RTZ overlay is for a student housing project: The Mark
The latest chapter in the Coral Gables zoning soap opera will play out in Miami-Dade Commission Chambers this week. It started last Tuesday when County Commissioner Raquel Regalado took her Rapid Transit Zoning show on the road — to City Hall.
Regalado showed up to the Aug. 26 Coral Gables Commission meeting to advocate for her pet project: expanding the county’s Rapid Transit Zone (RTZ) to create a new University Station Subzone around the UM Metrorail stop That overlay would pave the way for The Mark, a hulking student housing project that has some neighbors concerned.
The Miami-Dade County Commission will vote Wednesday on the a proposed RTZ expansion and University Station subzone that extends to properties within a quarter mile of the University Metrorail Station. Translation: The county will have zoning jurisdiction, not the city. And that clears the path for high-density, mixed-use projects.
Read related: Critics say Miami’s new transit zoning ordinance = loophole for developers
Developers who purchased the University Shopping Center in 2023, where the Bagel Emporium and TGI Fridays is, want to build a $70-million, sprawling mixed-use apartment complex, called The Mark, which will have 146 one-bedroom units, 99 two-bedroom units, and 151 three-bedroom units in two eight-story towers, connected by a bridge on the fifth floor. The ground floor will have restaurant and retail spaces.
Miami-Dade Mayor Daniella Levine Cava, for her part, is cheerleading the move. Her memo in support of the ordinance talks about “equitable development,” “shorter trips,” and “visual compatibility with Coral Gables” — complete with “generous height allowances” and “enhanced landscaping.” Translation: Taller buildings with more trees in front of them.
“The Subzone aims to promote high-density, mixed-use development within a quarter-mile radius of the University Station, while integrating land use and transportation planning. The ordinance addresses the CDMP’s objective of integrating land use with transportation to attract transit ridership, produce shorter trips, and minimize transfers,” Levine Cava wrote. “This code amendment will facilitate the development of additional residential density and commercial development adjacent to the mass transit system.”
La Alcaldesa also says that there will be a city representative on the Rapid Transit Developmental Impact Committee (RTDIC) and that the county will coordinate with the city “on a potential interlocal agreement to address future concerns and align regulatory processes.”
Good luck with that.
To the folks who actually live near University Station and the Bagel Emporium plaza that will be replaced with two residential towers, it sounds less like equitable development and more like a takeover.

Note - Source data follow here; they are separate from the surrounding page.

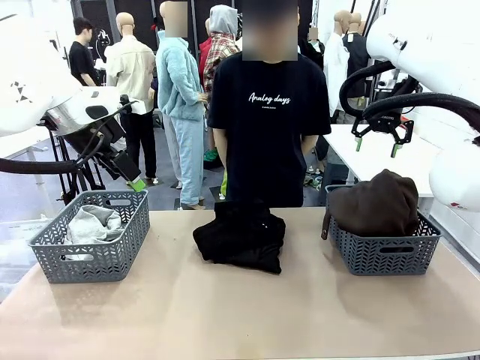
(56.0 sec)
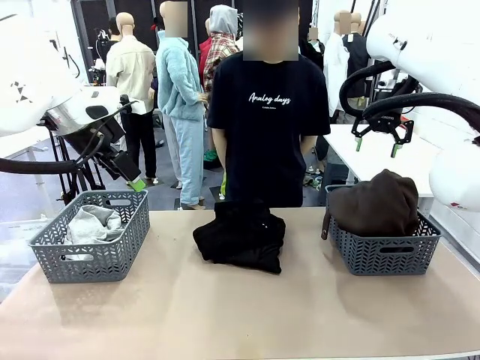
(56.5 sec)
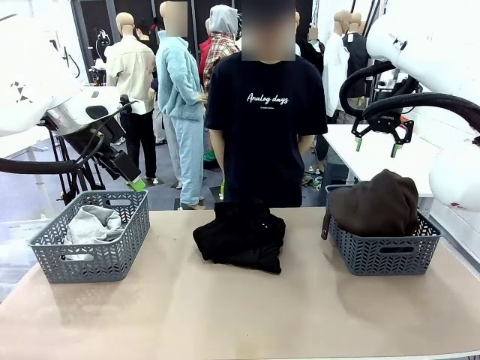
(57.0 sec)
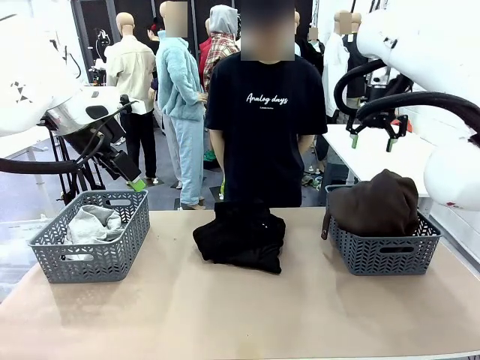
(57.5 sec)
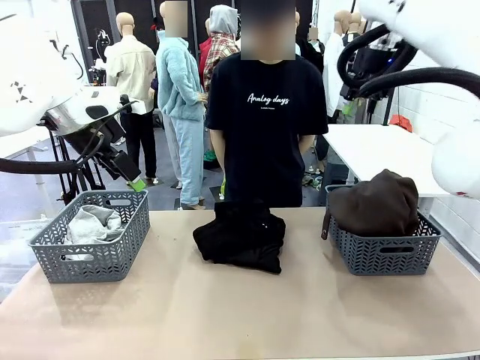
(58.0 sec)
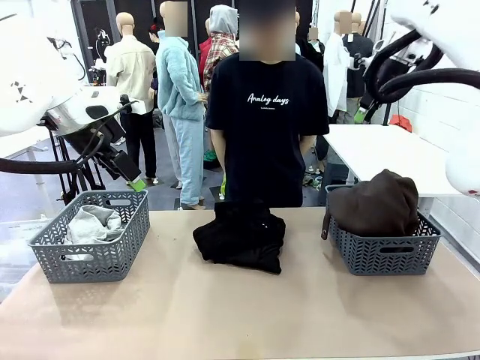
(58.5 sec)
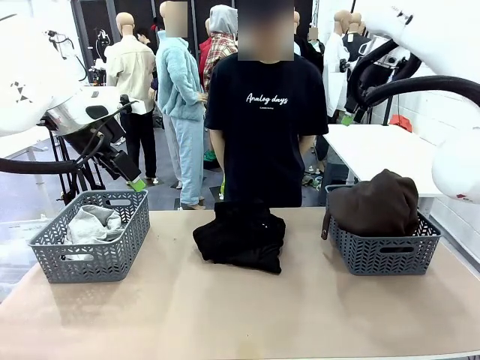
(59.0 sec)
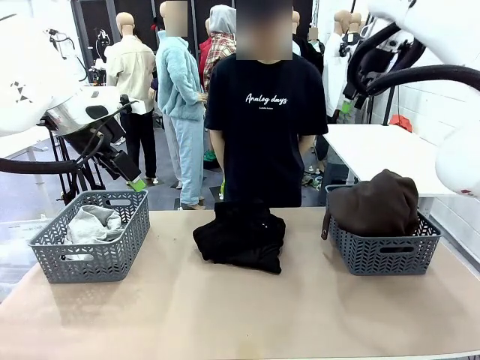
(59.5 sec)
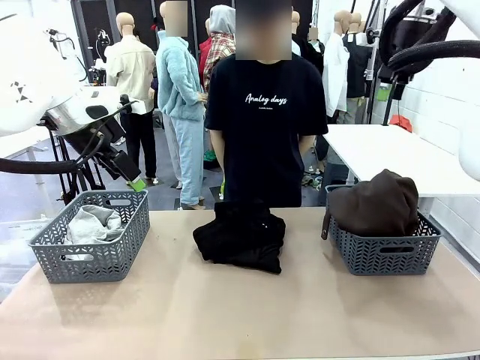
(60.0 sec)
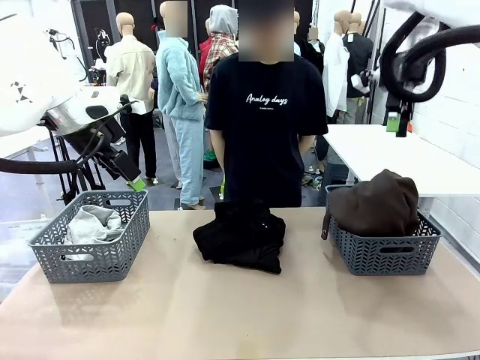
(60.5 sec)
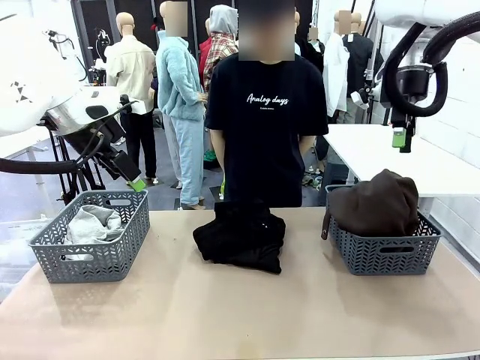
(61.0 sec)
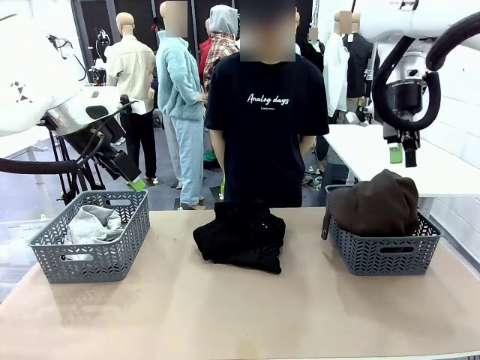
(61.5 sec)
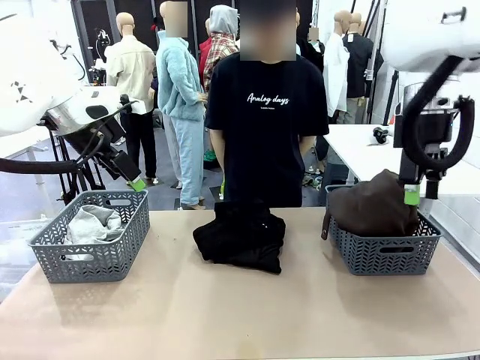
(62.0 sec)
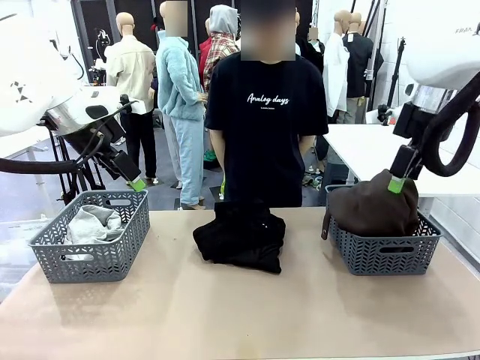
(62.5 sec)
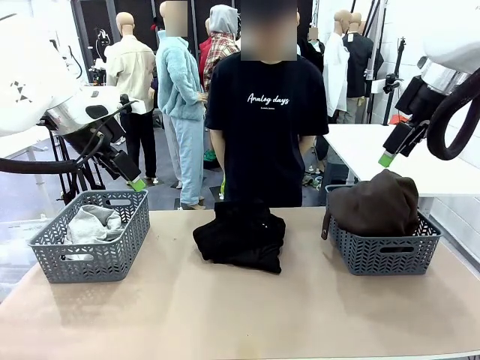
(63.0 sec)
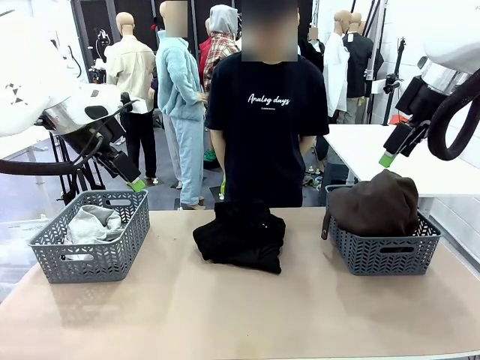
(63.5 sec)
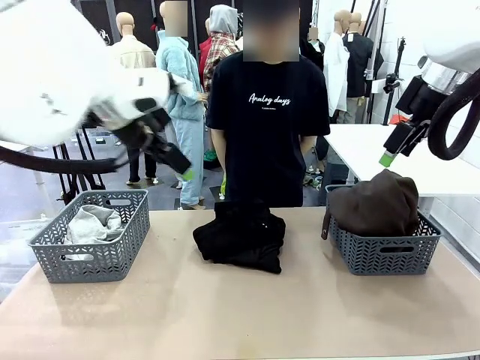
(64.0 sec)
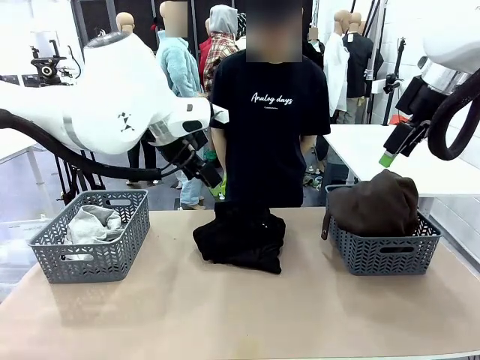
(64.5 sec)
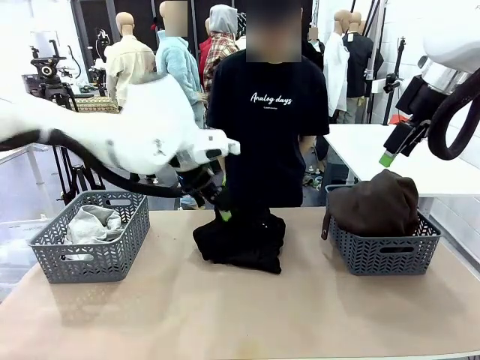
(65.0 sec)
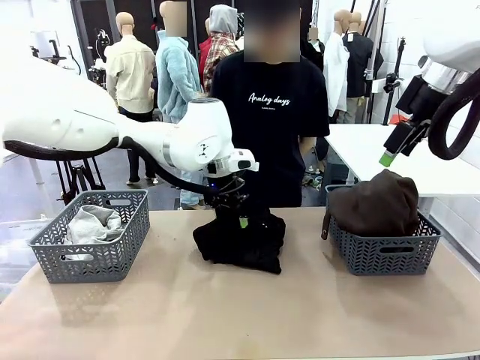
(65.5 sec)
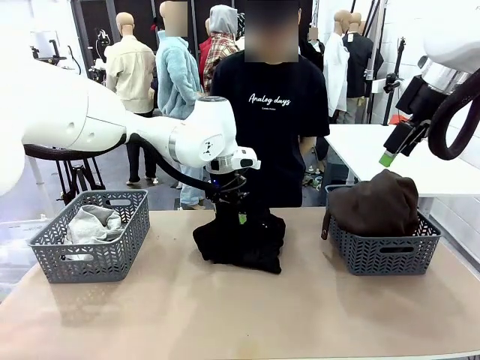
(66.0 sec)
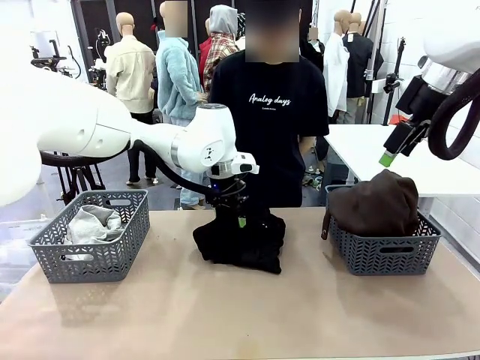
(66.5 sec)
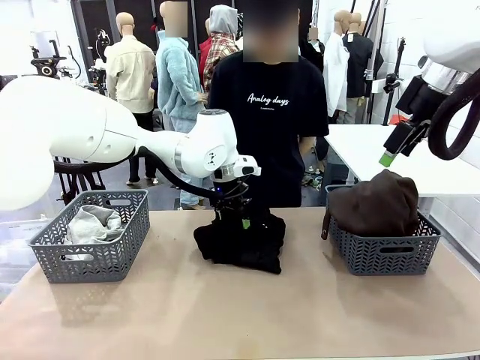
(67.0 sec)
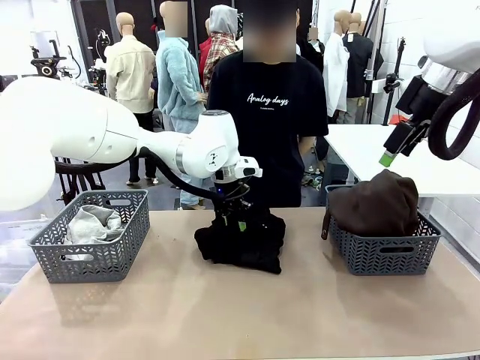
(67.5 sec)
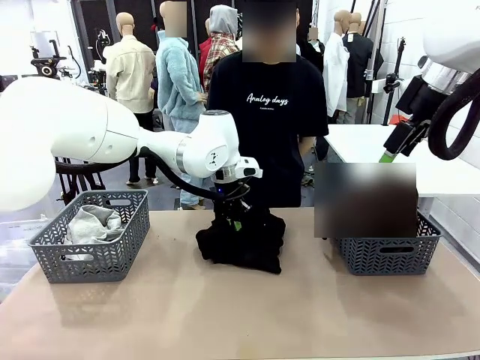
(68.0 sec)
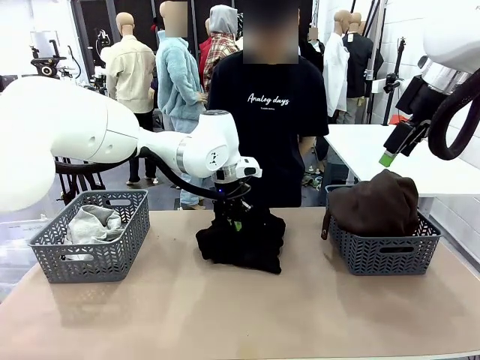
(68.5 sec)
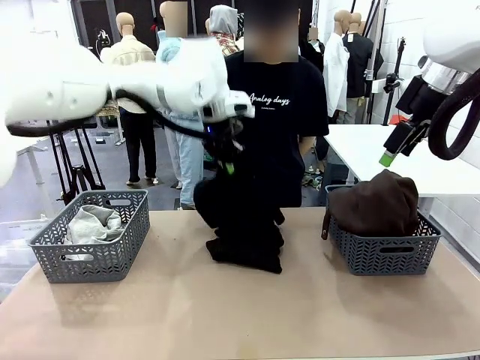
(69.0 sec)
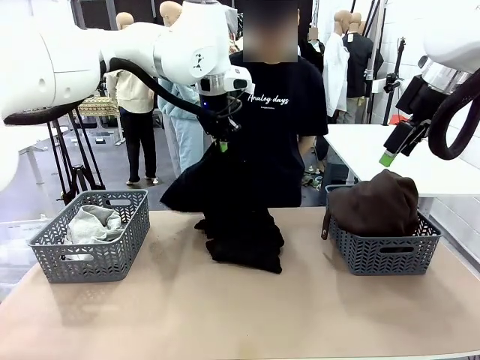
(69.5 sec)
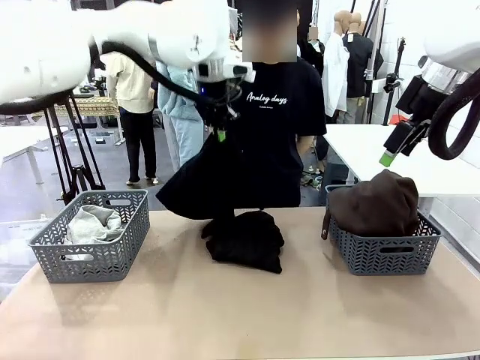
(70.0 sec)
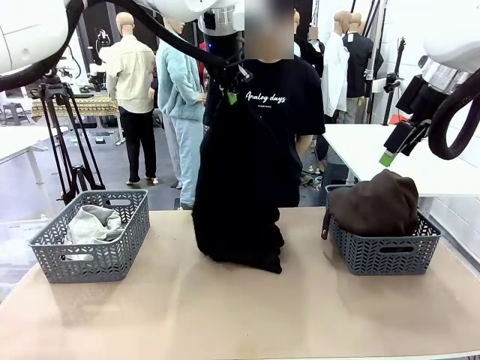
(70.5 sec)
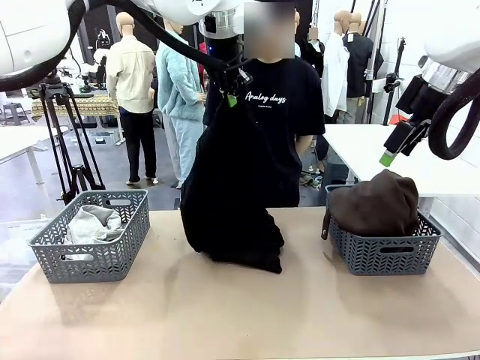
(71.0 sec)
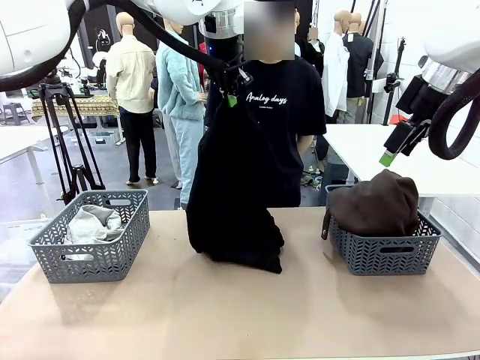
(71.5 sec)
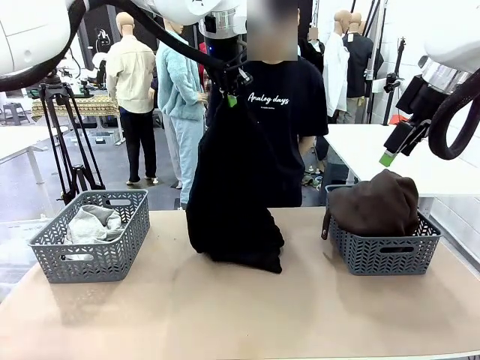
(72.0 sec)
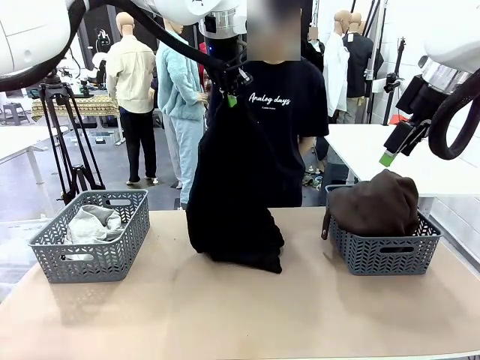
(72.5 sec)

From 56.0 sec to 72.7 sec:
Task: Sort the tops and bottoms.
Robot: Lift clothes from the center of the table with your left hand.

They say they’ve been blindsided by the scale of the proposal and worry that the neighborhood will be flooded with traffic and end up looking more like Brickell than the City Beautiful.
This is the same fight that’s already spilled over into Coral Gables’ Planning and Zoning Board, where longtime neighborhood activist and P&Z member Sue Kawalerski grilled Regalado so hard about the RTZ zoning superseding the city’s own code that the commissioner snapped back. Weeks after that public meeting, Kawalerski was unceremoniously bounced — another casualty of Mayor Vince Lago’s revenge tour. She has been blamed for forcing the developer to go to the county and apply RTZ criteria, which is more generous than the city’s code.

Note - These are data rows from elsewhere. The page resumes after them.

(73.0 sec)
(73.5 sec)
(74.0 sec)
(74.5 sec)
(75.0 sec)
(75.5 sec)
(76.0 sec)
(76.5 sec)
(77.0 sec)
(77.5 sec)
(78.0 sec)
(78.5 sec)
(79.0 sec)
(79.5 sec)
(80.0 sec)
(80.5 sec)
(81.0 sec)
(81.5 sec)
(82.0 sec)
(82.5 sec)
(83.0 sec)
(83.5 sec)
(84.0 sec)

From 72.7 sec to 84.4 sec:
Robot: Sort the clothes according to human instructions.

Read related: Coral Gables moves to ‘fire’ longtime activist from planning zoning board
Regalado, who doesn’t need anybody to defend her, has been one of the prime proponents of RTZ. And she says the Gables needs housing and the area around the university is perfect for it.
“I don’t agree with demonizing student housing,” she told the Gables commissioners last week, and cited the Vox 1, 2, 3 and 4 projects in South Miami as an example of a student housing project done right. It also resolved a problem with students “cutting up” rented housing, living 10 or more at a time.
“Students need a place to live,” Regalado said. “UM is a partner. They are doing their part on campus… [But] the transit corridor is the place to house students.” She noted that the location for The Mark is right where the university has their pedestrian bridge over U.S. 1.
“The concept that this is not a place for student housing, to me, is mind blowing,” she said. “I’m not saying it’s appropriate everywhere, but you might want to decide where it’s appropriate.”
Kawalerski has said it is not about student housing, per se, but the gradual changing of the neighborhood’s character.
Regalado told the Gables Commission that she would amend the item going before the county commission this week to include the lighting and open space requirements “to give everyone a little more comfort.” But both she and Lago waved the ugly specter of Live Local — the Florida law that allows even more density to promote affordable or workforce housing (which is really not that affordable for the workforce).
It’s convenient for Lago to throw the blame somewhere else for the runaway development he has ushered into the Gables.
“The city has no control,” he said, referring to RTZ and Live Local. “That train has left the station.”
But if you think that The Mark is the only stop on this route, think again. City Manager Peter Iglesias said this overlay is specific for that particular student housing project, it includes that property alone, but not another proposed development for the nearby Gables Waterway.
“We need to expand that overlay and work on something new,” Iglesias said.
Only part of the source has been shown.